Evoquant le 1er mai, la fête internationale des travailleurs, +Bayane Al Yaoum+ indique que c’est une journée de luttes en faveur des droits, pour régénérer la mobilisation syndicale, réaliser la justice sociale et garantir une vie digne au peuple.

« On ne peut accomplir de progrès, ni consolider une démocratie dans le pays, sans accorder d’attention aux travailleurs et améliorer leurs conditions matérielles et sociales », explique le quotidien.

+Rissalate Al Oumma+ écrit que la fête du Travail intervient cette année dans une conjoncture politique très sensible qui exige sans doute de faire preuve de « responsabilité » et d’ « esprit politique équitable », étant donné qu’un nouveau gouvernement vient d’être constitué après une période « blanche » durant laquelle des syndicats avaient à maintes reprises exprimé leur inquiétude au sujet du dialogue social.

De ce fait, l’attention sera concentrée sur ce que pourrait faire ce nouveau gouvernement pour répondre aux attentes de la classe laborieuse, relève-t-il.

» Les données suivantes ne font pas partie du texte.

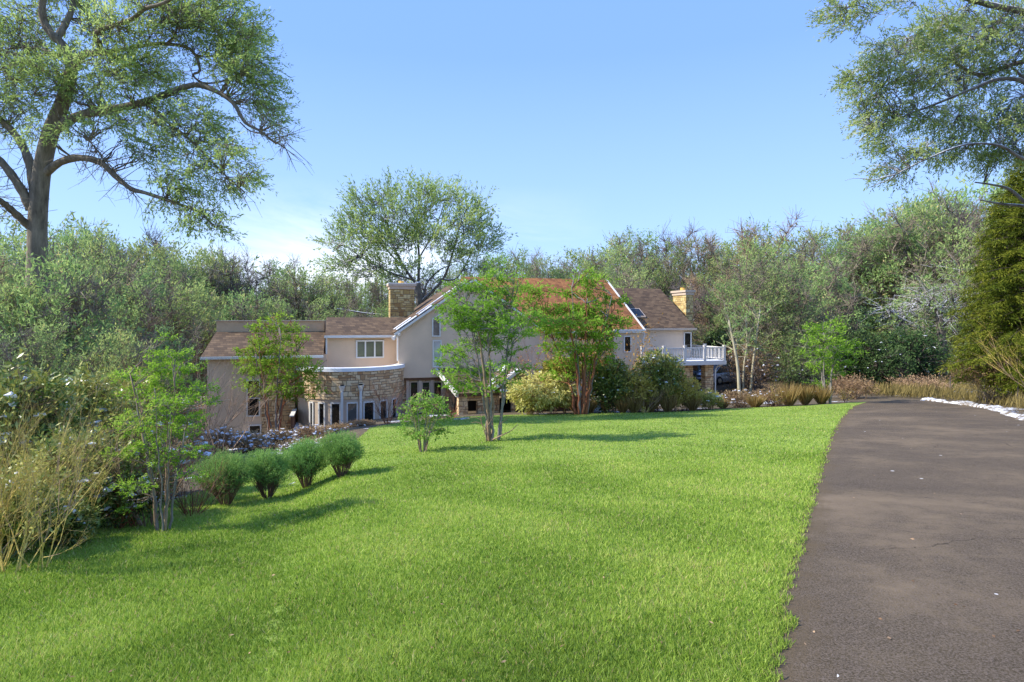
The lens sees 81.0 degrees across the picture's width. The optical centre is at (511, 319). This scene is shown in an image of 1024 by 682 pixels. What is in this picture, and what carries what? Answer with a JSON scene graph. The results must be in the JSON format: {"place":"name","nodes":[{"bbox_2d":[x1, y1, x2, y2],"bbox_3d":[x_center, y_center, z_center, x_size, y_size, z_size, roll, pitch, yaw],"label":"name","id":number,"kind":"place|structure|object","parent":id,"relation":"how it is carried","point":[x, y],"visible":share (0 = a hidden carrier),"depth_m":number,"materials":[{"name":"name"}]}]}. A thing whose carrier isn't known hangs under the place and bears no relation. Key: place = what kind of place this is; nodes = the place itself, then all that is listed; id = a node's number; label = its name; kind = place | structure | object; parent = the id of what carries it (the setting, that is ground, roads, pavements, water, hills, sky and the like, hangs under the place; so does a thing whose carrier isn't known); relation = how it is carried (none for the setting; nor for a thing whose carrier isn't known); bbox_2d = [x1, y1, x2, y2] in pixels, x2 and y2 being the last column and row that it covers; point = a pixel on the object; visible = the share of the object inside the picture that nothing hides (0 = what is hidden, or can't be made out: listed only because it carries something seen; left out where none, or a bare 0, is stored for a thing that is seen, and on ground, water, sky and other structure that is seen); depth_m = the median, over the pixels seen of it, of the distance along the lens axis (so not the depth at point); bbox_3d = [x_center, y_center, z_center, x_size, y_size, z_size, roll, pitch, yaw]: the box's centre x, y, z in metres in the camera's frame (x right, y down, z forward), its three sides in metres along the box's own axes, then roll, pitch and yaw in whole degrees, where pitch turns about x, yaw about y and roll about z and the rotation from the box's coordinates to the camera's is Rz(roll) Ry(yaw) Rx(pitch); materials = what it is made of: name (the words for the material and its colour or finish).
{"place":"outdoors","nodes":[
{"label":"outdoors","id":0,"kind":"place"},
{"bbox_2d":[0,402,864,681],"bbox_3d":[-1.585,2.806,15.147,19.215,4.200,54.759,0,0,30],"label":"lawn","id":1,"kind":"structure","parent":0,"point":[625,436],"depth_m":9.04,"materials":[{"name":"green plant"}]},
{"bbox_2d":[192,447,259,504],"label":"round shrub","id":2,"kind":"object","parent":1,"relation":"on","point":[236,466],"visible":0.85,"depth_m":10.64,"materials":[{"name":"green plant"}]},
{"bbox_2d":[241,447,294,498],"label":"round shrub","id":3,"kind":"object","parent":1,"relation":"on","point":[273,468],"visible":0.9,"depth_m":11.24,"materials":[{"name":"green plant"}]},
{"bbox_2d":[277,435,331,487],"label":"round shrub","id":4,"kind":"object","parent":1,"relation":"on","point":[306,461],"visible":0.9,"depth_m":11.99,"materials":[{"name":"green plant"}]},
{"bbox_2d":[313,429,365,477],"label":"round shrub","id":5,"kind":"object","parent":1,"relation":"on","point":[338,453],"visible":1,"depth_m":11.93,"materials":[{"name":"green plant"}]},
{"bbox_2d":[396,389,456,451],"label":"tree","id":6,"kind":"object","parent":1,"relation":"on","point":[426,412],"visible":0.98,"depth_m":15.39,"materials":[{"name":"green plant"}]},
{"bbox_2d":[0,167,1017,352],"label":"wood","id":7,"kind":"object","parent":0,"point":[314,277],"depth_m":95.90,"materials":[{"name":"green plant"}]},
{"bbox_2d":[0,0,1023,319],"label":"sky","id":8,"kind":"structure","parent":0,"point":[587,118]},
{"bbox_2d":[31,330,1023,554],"bbox_3d":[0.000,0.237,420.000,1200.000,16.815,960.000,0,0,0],"label":"ground","id":9,"kind":"structure","parent":0,"point":[360,430],"depth_m":33.10,"materials":[{"name":"brown soil"}]},
{"bbox_2d":[0,467,78,559],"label":"shrub","id":10,"kind":"object","parent":9,"relation":"on","point":[17,523],"visible":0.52,"depth_m":7.14,"materials":[{"name":"beige plant"}]},
{"bbox_2d":[0,271,78,380],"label":"sapling","id":11,"kind":"object","parent":9,"relation":"on","point":[4,290],"visible":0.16,"depth_m":21.76,"materials":[{"name":"green plant"}]},
{"bbox_2d":[0,313,82,383],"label":"sapling","id":12,"kind":"object","parent":9,"relation":"on","point":[44,355],"visible":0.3,"depth_m":18.82,"materials":[{"name":"green plant"}]},
{"bbox_2d":[0,369,85,567],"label":"bare shrub","id":13,"kind":"object","parent":9,"relation":"on","point":[2,523],"visible":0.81,"depth_m":6.84,"materials":[{"name":"plant"}]},
{"bbox_2d":[0,346,92,482],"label":"shrub","id":14,"kind":"object","parent":9,"relation":"on","point":[9,388],"visible":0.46,"depth_m":9.34,"materials":[{"name":"green plant"}]},
{"bbox_2d":[26,488,105,550],"bbox_3d":[-5.884,2.640,7.811,1.133,0.877,0.988,0,0,0],"label":"shrub","id":15,"kind":"object","parent":9,"relation":"on","point":[83,517],"visible":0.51,"depth_m":7.72,"materials":[{"name":"green plant"}]},
{"bbox_2d":[0,359,138,569],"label":"bare shrub","id":16,"kind":"object","parent":9,"relation":"on","point":[58,511],"visible":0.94,"depth_m":6.58,"materials":[{"name":"green plant"}]},
{"bbox_2d":[1,404,139,515],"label":"bare shrub","id":17,"kind":"object","parent":9,"relation":"on","point":[67,482],"visible":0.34,"depth_m":8.07,"materials":[{"name":"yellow plant"}]},
{"bbox_2d":[0,245,145,385],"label":"sapling","id":18,"kind":"object","parent":9,"relation":"on","point":[85,312],"visible":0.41,"depth_m":22.48,"materials":[{"name":"green plant"}]},
{"bbox_2d":[1,422,148,528],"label":"shrub","id":19,"kind":"object","parent":9,"relation":"on","point":[47,447],"visible":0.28,"depth_m":8.68,"materials":[{"name":"green plant"}]},
{"bbox_2d":[0,328,168,573],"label":"bare shrub","id":20,"kind":"object","parent":9,"relation":"on","point":[26,527],"visible":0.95,"depth_m":6.81,"materials":[{"name":"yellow plant"}]},
{"bbox_2d":[37,362,139,453],"bbox_3d":[-8.030,2.148,11.030,2.212,2.829,1.948,0,0,26],"label":"shrub","id":21,"kind":"object","parent":9,"relation":"on","point":[102,401],"visible":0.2,"depth_m":10.92,"materials":[{"name":"green plant"}]},
{"bbox_2d":[48,222,133,283],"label":"tree","id":22,"kind":"object","parent":9,"relation":"on","point":[72,243],"visible":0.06,"depth_m":60.11,"materials":[{"name":"green plant"}]},
{"bbox_2d":[48,252,145,379],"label":"sapling","id":23,"kind":"object","parent":9,"relation":"on","point":[121,289],"visible":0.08,"depth_m":38.63,"materials":[{"name":"green plant"}]},
{"bbox_2d":[54,228,144,359],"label":"tree","id":24,"kind":"object","parent":9,"relation":"on","point":[106,250],"visible":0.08,"depth_m":58.32,"materials":[{"name":"green plant"}]},
{"bbox_2d":[20,247,187,376],"bbox_3d":[-29.128,1.698,42.628,9.871,13.669,11.594,0,0,29],"label":"tree","id":25,"kind":"object","parent":9,"relation":"on","point":[103,265],"visible":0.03,"depth_m":42.12,"materials":[{"name":"green plant"}]},
{"bbox_2d":[69,322,179,419],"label":"sapling","id":26,"kind":"object","parent":9,"relation":"on","point":[134,359],"visible":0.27,"depth_m":20.75,"materials":[{"name":"green plant"}]},
{"bbox_2d":[85,452,179,528],"bbox_3d":[-5.759,2.597,8.981,1.375,1.268,1.139,0,0,0],"label":"shrub","id":27,"kind":"object","parent":9,"relation":"on","point":[127,516],"visible":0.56,"depth_m":8.82,"materials":[{"name":"green plant"}]},
{"bbox_2d":[67,384,206,526],"bbox_3d":[-5.556,1.946,9.193,2.101,2.469,2.324,0,0,0],"label":"bare shrub","id":28,"kind":"object","parent":9,"relation":"on","point":[139,522],"visible":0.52,"depth_m":8.81,"materials":[{"name":"green plant"}]},
{"bbox_2d":[86,271,203,398],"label":"sapling","id":29,"kind":"object","parent":9,"relation":"on","point":[146,320],"visible":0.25,"depth_m":37.67,"materials":[{"name":"green plant"}]},
{"bbox_2d":[82,234,217,361],"bbox_3d":[-35.290,0.353,58.303,12.483,17.270,14.662,0,0,-10],"label":"tree","id":30,"kind":"object","parent":9,"relation":"on","point":[143,248],"visible":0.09,"depth_m":57.91,"materials":[{"name":"green plant"}]},
{"bbox_2d":[0,0,313,335],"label":"broadleaf tree","id":31,"kind":"object","parent":9,"relation":"on","point":[42,166],"visible":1,"depth_m":24.24,"materials":[{"name":"green plant"}]},
{"bbox_2d":[115,259,201,393],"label":"tree","id":32,"kind":"object","parent":9,"relation":"on","point":[142,275],"visible":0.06,"depth_m":43.13,"materials":[{"name":"green plant"}]},
{"bbox_2d":[92,329,229,531],"bbox_3d":[-5.098,1.649,8.544,1.542,3.046,1.853,0,0,-43],"label":"tree","id":33,"kind":"object","parent":9,"relation":"on","point":[157,370],"visible":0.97,"depth_m":8.49,"materials":[{"name":"green plant"}]},
{"bbox_2d":[121,316,214,449],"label":"sapling","id":34,"kind":"object","parent":9,"relation":"on","point":[174,348],"visible":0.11,"depth_m":24.05,"materials":[{"name":"green plant"}]},
{"bbox_2d":[127,397,221,496],"bbox_3d":[-7.234,2.647,12.529,2.724,2.246,1.959,0,0,0],"label":"shrub","id":35,"kind":"object","parent":9,"relation":"on","point":[205,452],"visible":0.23,"depth_m":12.48,"materials":[{"name":"green plant"}]},
{"bbox_2d":[131,247,224,413],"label":"tree","id":36,"kind":"object","parent":9,"relation":"on","point":[181,272],"visible":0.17,"depth_m":47.05,"materials":[{"name":"green plant"}]},
{"bbox_2d":[125,273,237,419],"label":"sapling","id":37,"kind":"object","parent":9,"relation":"on","point":[188,310],"visible":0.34,"depth_m":40.34,"materials":[{"name":"green plant"}]},
{"bbox_2d":[160,436,240,515],"bbox_3d":[-5.258,2.550,9.775,1.390,1.442,1.497,0,0,-42],"label":"bare shrub","id":38,"kind":"object","parent":9,"relation":"on","point":[184,510],"visible":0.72,"depth_m":9.87,"materials":[{"name":"red plant"}]},
{"bbox_2d":[186,247,256,314],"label":"tree","id":39,"kind":"object","parent":9,"relation":"on","point":[216,266],"visible":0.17,"depth_m":68.23,"materials":[{"name":"green plant"}]},
{"bbox_2d":[202,423,243,454],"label":"shrub","id":40,"kind":"object","parent":9,"relation":"on","point":[228,439],"visible":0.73,"depth_m":23.83,"materials":[{"name":"purple plant"}]},
{"bbox_2d":[170,338,277,451],"bbox_3d":[-13.869,3.042,25.223,6.078,5.293,7.142,0,0,0],"label":"bare shrub","id":41,"kind":"object","parent":9,"relation":"on","point":[244,403],"visible":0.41,"depth_m":26.30,"materials":[{"name":"green plant"}]},
{"bbox_2d":[182,335,278,454],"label":"bare tree","id":42,"kind":"object","parent":9,"relation":"on","point":[208,431],"visible":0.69,"depth_m":20.55,"materials":[{"name":"green plant"}]},
{"bbox_2d":[208,240,280,296],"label":"tree","id":43,"kind":"object","parent":9,"relation":"on","point":[247,269],"visible":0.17,"depth_m":88.55,"materials":[{"name":"green plant"}]},
{"bbox_2d":[205,285,284,381],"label":"tree","id":44,"kind":"object","parent":9,"relation":"on","point":[237,314],"visible":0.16,"depth_m":53.91,"materials":[{"name":"green plant"}]},
{"bbox_2d":[214,262,287,319],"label":"tree","id":45,"kind":"object","parent":9,"relation":"on","point":[247,285],"visible":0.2,"depth_m":68.52,"materials":[{"name":"green plant"}]},
{"bbox_2d":[227,427,275,452],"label":"shrub","id":46,"kind":"object","parent":9,"relation":"on","point":[246,439],"visible":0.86,"depth_m":24.81,"materials":[{"name":"purple plant"}]},
{"bbox_2d":[229,311,330,435],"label":"tree","id":47,"kind":"object","parent":9,"relation":"on","point":[258,349],"visible":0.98,"depth_m":30.92,"materials":[{"name":"green plant"}]},
{"bbox_2d":[246,262,331,319],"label":"tree","id":48,"kind":"object","parent":9,"relation":"on","point":[289,294],"visible":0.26,"depth_m":68.83,"materials":[{"name":"green plant"}]},
{"bbox_2d":[299,274,347,319],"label":"tree","id":49,"kind":"object","parent":9,"relation":"on","point":[332,299],"visible":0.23,"depth_m":70.45,"materials":[{"name":"green plant"}]},
{"bbox_2d":[294,293,364,319],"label":"tree","id":50,"kind":"object","parent":9,"relation":"on","point":[314,314],"visible":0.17,"depth_m":53.24,"materials":[{"name":"green plant"}]},
{"bbox_2d":[339,276,384,316],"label":"tree","id":51,"kind":"object","parent":9,"relation":"on","point":[366,302],"visible":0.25,"depth_m":66.04,"materials":[{"name":"green plant"}]},
{"bbox_2d":[306,164,518,315],"bbox_3d":[-10.373,-3.879,61.372,22.219,24.368,9.131,0,0,0],"label":"broadleaf tree","id":52,"kind":"object","parent":9,"relation":"on","point":[383,230],"visible":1,"depth_m":60.94,"materials":[{"name":"green plant"}]},
{"bbox_2d":[179,277,725,442],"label":"country house","id":53,"kind":"structure","parent":9,"relation":"on","point":[404,340],"depth_m":36.56,"materials":[{"name":"paint"}]},
{"bbox_2d":[356,340,383,357],"bbox_3d":[-8.641,1.786,36.534,1.662,1.089,0.095,0,0,-16],"label":"window","id":54,"kind":"structure","parent":53,"relation":"in","point":[364,348],"depth_m":36.53,"materials":[{"name":"white glass"}]},
{"bbox_2d":[430,252,554,440],"bbox_3d":[-0.533,0.839,17.396,3.677,5.647,3.408,0,0,0],"label":"tree","id":55,"kind":"object","parent":9,"relation":"on","point":[474,322],"visible":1,"depth_m":17.16,"materials":[{"name":"green plant"}]},
{"bbox_2d":[506,368,577,414],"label":"shrub","id":56,"kind":"object","parent":9,"relation":"on","point":[546,393],"visible":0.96,"depth_m":30.34,"materials":[{"name":"yellow plant"}]},
{"bbox_2d":[512,264,635,414],"bbox_3d":[2.987,1.053,29.663,6.308,7.704,6.209,0,0,0],"label":"tree","id":57,"kind":"object","parent":9,"relation":"on","point":[576,319],"visible":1,"depth_m":29.74,"materials":[{"name":"green plant"}]},
{"bbox_2d":[586,352,638,412],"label":"shrub","id":58,"kind":"object","parent":9,"relation":"on","point":[606,383],"visible":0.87,"depth_m":31.06,"materials":[{"name":"green plant"}]},
{"bbox_2d":[578,239,653,288],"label":"tree","id":59,"kind":"object","parent":9,"relation":"on","point":[606,257],"visible":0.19,"depth_m":66.21,"materials":[{"name":"green plant"}]},
{"bbox_2d":[587,227,655,285],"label":"tree","id":60,"kind":"object","parent":9,"relation":"on","point":[620,242],"visible":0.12,"depth_m":80.68,"materials":[{"name":"green plant"}]},
{"bbox_2d":[612,369,658,412],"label":"shrub","id":61,"kind":"object","parent":9,"relation":"on","point":[641,387],"visible":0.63,"depth_m":31.00,"materials":[{"name":"green plant"}]},
{"bbox_2d":[609,224,681,285],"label":"tree","id":62,"kind":"object","parent":9,"relation":"on","point":[650,242],"visible":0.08,"depth_m":86.40,"materials":[{"name":"green plant"}]},
{"bbox_2d":[631,249,684,300],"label":"tree","id":63,"kind":"object","parent":9,"relation":"on","point":[660,278],"visible":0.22,"depth_m":68.53,"materials":[{"name":"green plant"}]},
{"bbox_2d":[628,347,692,411],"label":"shrub","id":64,"kind":"object","parent":9,"relation":"on","point":[663,368],"visible":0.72,"depth_m":31.55,"materials":[{"name":"green plant"}]},
{"bbox_2d":[631,216,703,287],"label":"tree","id":65,"kind":"object","parent":9,"relation":"on","point":[663,247],"visible":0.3,"depth_m":82.61,"materials":[{"name":"green plant"}]},
{"bbox_2d":[650,234,713,353],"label":"tree","id":66,"kind":"object","parent":9,"relation":"on","point":[681,264],"visible":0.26,"depth_m":68.79,"materials":[{"name":"green plant"}]},
{"bbox_2d":[665,375,704,410],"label":"shrub","id":67,"kind":"object","parent":9,"relation":"on","point":[692,392],"visible":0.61,"depth_m":31.61,"materials":[{"name":"green plant"}]},
{"bbox_2d":[681,267,732,357],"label":"tree","id":68,"kind":"object","parent":9,"relation":"on","point":[692,281],"visible":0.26,"depth_m":55.99,"materials":[{"name":"green plant"}]},
{"bbox_2d":[679,223,743,346],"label":"tree","id":69,"kind":"object","parent":9,"relation":"on","point":[704,253],"visible":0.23,"depth_m":82.21,"materials":[{"name":"green plant"}]},
{"bbox_2d":[693,274,765,368],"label":"tree","id":70,"kind":"object","parent":9,"relation":"on","point":[709,316],"visible":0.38,"depth_m":51.28,"materials":[{"name":"green plant"}]},
{"bbox_2d":[711,297,750,393],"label":"pale tree","id":71,"kind":"object","parent":9,"relation":"on","point":[732,335],"visible":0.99,"depth_m":40.94,"materials":[{"name":"green plant"}]},
{"bbox_2d":[693,232,777,326],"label":"tree","id":72,"kind":"object","parent":9,"relation":"on","point":[710,247],"visible":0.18,"depth_m":66.50,"materials":[{"name":"green plant"}]},
{"bbox_2d":[714,337,787,394],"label":"thicket","id":73,"kind":"object","parent":9,"relation":"on","point":[758,377],"visible":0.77,"depth_m":43.64,"materials":[{"name":"green plant"}]},
{"bbox_2d":[709,255,803,380],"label":"tree","id":74,"kind":"object","parent":9,"relation":"on","point":[754,290],"visible":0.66,"depth_m":47.35,"materials":[{"name":"green plant"}]},
{"bbox_2d":[711,235,819,365],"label":"tree","id":75,"kind":"object","parent":9,"relation":"on","point":[771,252],"visible":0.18,"depth_m":59.31,"materials":[{"name":"green plant"}]},
{"bbox_2d":[725,207,808,285],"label":"tree","id":76,"kind":"object","parent":9,"relation":"on","point":[759,230],"visible":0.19,"depth_m":73.56,"materials":[{"name":"green plant"}]},
{"bbox_2d":[748,260,846,385],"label":"tree","id":77,"kind":"object","parent":9,"relation":"on","point":[800,314],"visible":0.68,"depth_m":46.73,"materials":[{"name":"green plant"}]},
{"bbox_2d":[769,234,828,341],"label":"tree","id":78,"kind":"object","parent":9,"relation":"on","point":[803,260],"visible":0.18,"depth_m":62.62,"materials":[{"name":"green plant"}]},
{"bbox_2d":[760,331,843,386],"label":"thicket","id":79,"kind":"object","parent":9,"relation":"on","point":[797,358],"visible":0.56,"depth_m":45.45,"materials":[{"name":"green plant"}]},
{"bbox_2d":[790,216,854,330],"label":"tree","id":80,"kind":"object","parent":9,"relation":"on","point":[816,237],"visible":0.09,"depth_m":79.80,"materials":[{"name":"green plant"}]},
{"bbox_2d":[785,251,873,375],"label":"tree","id":81,"kind":"object","parent":9,"relation":"on","point":[835,280],"visible":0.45,"depth_m":50.61,"materials":[{"name":"green plant"}]},
{"bbox_2d":[793,311,869,403],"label":"tree","id":82,"kind":"object","parent":9,"relation":"on","point":[825,339],"visible":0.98,"depth_m":33.18,"materials":[{"name":"green plant"}]},
{"bbox_2d":[800,229,886,358],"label":"tree","id":83,"kind":"object","parent":9,"relation":"on","point":[839,248],"visible":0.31,"depth_m":62.17,"materials":[{"name":"green plant"}]},
{"bbox_2d":[820,373,883,399],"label":"thicket","id":84,"kind":"object","parent":9,"relation":"on","point":[855,383],"visible":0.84,"depth_m":37.70,"materials":[{"name":"brown plant"}]},
{"bbox_2d":[829,327,890,384],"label":"shrub","id":85,"kind":"object","parent":9,"relation":"on","point":[857,370],"visible":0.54,"depth_m":45.30,"materials":[{"name":"green plant"}]},
{"bbox_2d":[831,224,902,341],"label":"tree","id":86,"kind":"object","parent":9,"relation":"on","point":[866,253],"visible":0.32,"depth_m":61.80,"materials":[{"name":"green plant"}]},
{"bbox_2d":[856,340,918,384],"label":"shrub","id":87,"kind":"object","parent":9,"relation":"on","point":[894,365],"visible":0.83,"depth_m":44.32,"materials":[{"name":"green plant"}]},
{"bbox_2d":[840,199,950,352],"bbox_3d":[39.669,-3.052,62.218,11.361,18.123,10.685,0,0,-43],"label":"tree","id":88,"kind":"object","parent":9,"relation":"on","point":[896,241],"visible":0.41,"depth_m":60.56,"materials":[{"name":"green plant"}]},
{"bbox_2d":[769,368,1023,410],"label":"meadow grass","id":89,"kind":"structure","parent":9,"relation":"on","point":[910,390],"depth_m":37.68,"materials":[{"name":"beige plant"}]},
{"bbox_2d":[857,273,947,351],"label":"gnarled tree","id":90,"kind":"object","parent":9,"relation":"on","point":[903,318],"visible":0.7,"depth_m":50.94,"materials":[{"name":"green plant"}]},
{"bbox_2d":[869,324,953,380],"bbox_3d":[31.024,2.882,46.985,6.748,5.733,5.422,0,0,0],"label":"shrub","id":91,"kind":"object","parent":9,"relation":"on","point":[907,339],"visible":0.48,"depth_m":45.94,"materials":[{"name":"green plant"}]},
{"bbox_2d":[805,0,1023,207],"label":"broadleaf tree","id":92,"kind":"object","parent":9,"relation":"on","point":[986,45],"visible":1,"depth_m":16.74,"materials":[{"name":"green plant"}]},
{"bbox_2d":[853,191,988,362],"bbox_3d":[42.546,-3.529,61.765,13.335,19.314,15.663,0,0,-38],"label":"tree","id":93,"kind":"object","parent":9,"relation":"on","point":[947,237],"visible":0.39,"depth_m":60.10,"materials":[{"name":"green plant"}]},
{"bbox_2d":[888,256,954,374],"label":"gnarled tree","id":94,"kind":"object","parent":9,"relation":"on","point":[915,286],"visible":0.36,"depth_m":55.95,"materials":[{"name":"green plant"}]},
{"bbox_2d":[888,260,978,379],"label":"gnarled tree","id":95,"kind":"object","parent":9,"relation":"on","point":[939,317],"visible":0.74,"depth_m":49.74,"materials":[{"name":"green plant"}]},
{"bbox_2d":[888,180,990,343],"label":"tree","id":96,"kind":"object","parent":9,"relation":"on","point":[934,198],"depth_m":78.09,"materials":[{"name":"green plant"}]},
{"bbox_2d":[906,188,988,362],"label":"tree","id":97,"kind":"object","parent":9,"relation":"on","point":[963,200],"visible":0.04,"depth_m":62.96,"materials":[{"name":"green plant"}]},
{"bbox_2d":[927,188,994,347],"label":"tree","id":98,"kind":"object","parent":9,"relation":"on","point":[959,210],"visible":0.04,"depth_m":59.38,"materials":[{"name":"green plant"}]},
{"bbox_2d":[921,397,1023,419],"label":"stone border","id":99,"kind":"structure","parent":9,"relation":"on","point":[1007,411],"depth_m":26.43,"materials":[{"name":"white stone"}]},
{"bbox_2d":[926,213,1023,356],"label":"tree","id":100,"kind":"object","parent":9,"relation":"on","point":[968,257],"visible":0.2,"depth_m":50.77,"materials":[{"name":"green plant"}]},
{"bbox_2d":[936,154,1023,398],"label":"spruce tree","id":101,"kind":"object","parent":9,"relation":"on","point":[1007,223],"visible":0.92,"depth_m":29.04,"materials":[{"name":"green plant"}]},
{"bbox_2d":[945,354,1022,404],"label":"thicket","id":102,"kind":"object","parent":9,"relation":"on","point":[977,380],"visible":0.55,"depth_m":29.84,"materials":[{"name":"brown plant"}]},
{"bbox_2d":[763,400,1023,681],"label":"driveway","id":103,"kind":"structure","parent":0,"point":[924,474],"depth_m":5.56,"materials":[{"name":"grey asphalt"}]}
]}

+Assabah+ avance que la majorité des travailleurs marocains qui fêtent le 1er mai ont perdu la confiance dans les syndicats et leurs dirigeants, après que certaines centrales syndicales se sont transformées en des « fermes où poussent la rente et la corruption syndicale ».

Le journal fustige l’attitude des syndicats, en affirmant qu’ils se contentent de réclamer l’ouverture d’un dialogue social sérieux et responsable avec le gouvernement et la mise en œuvre des accords passés avec les gouvernements précédents.

Quant à +Libération+, il écrit que la classe ouvrière marocaine fête aujourd’hui le 1er mai dans un contexte national marqué par la constitution d’un nouveau gouvernement et par le retard pris pour l’adoption de la loi de Finances de l’année en cours.

Force est de constater que la réunion en début de semaine du chef de gouvernement, Saad-Eddine El Othmani, avec les représentants de la CDT, la FDT, l’UNTM, l’UGTM et l’UMT, a mis fin au climat de méfiance et de confrontation qui régnait durant le mandat de l’ancien Exécutif, estime la publication.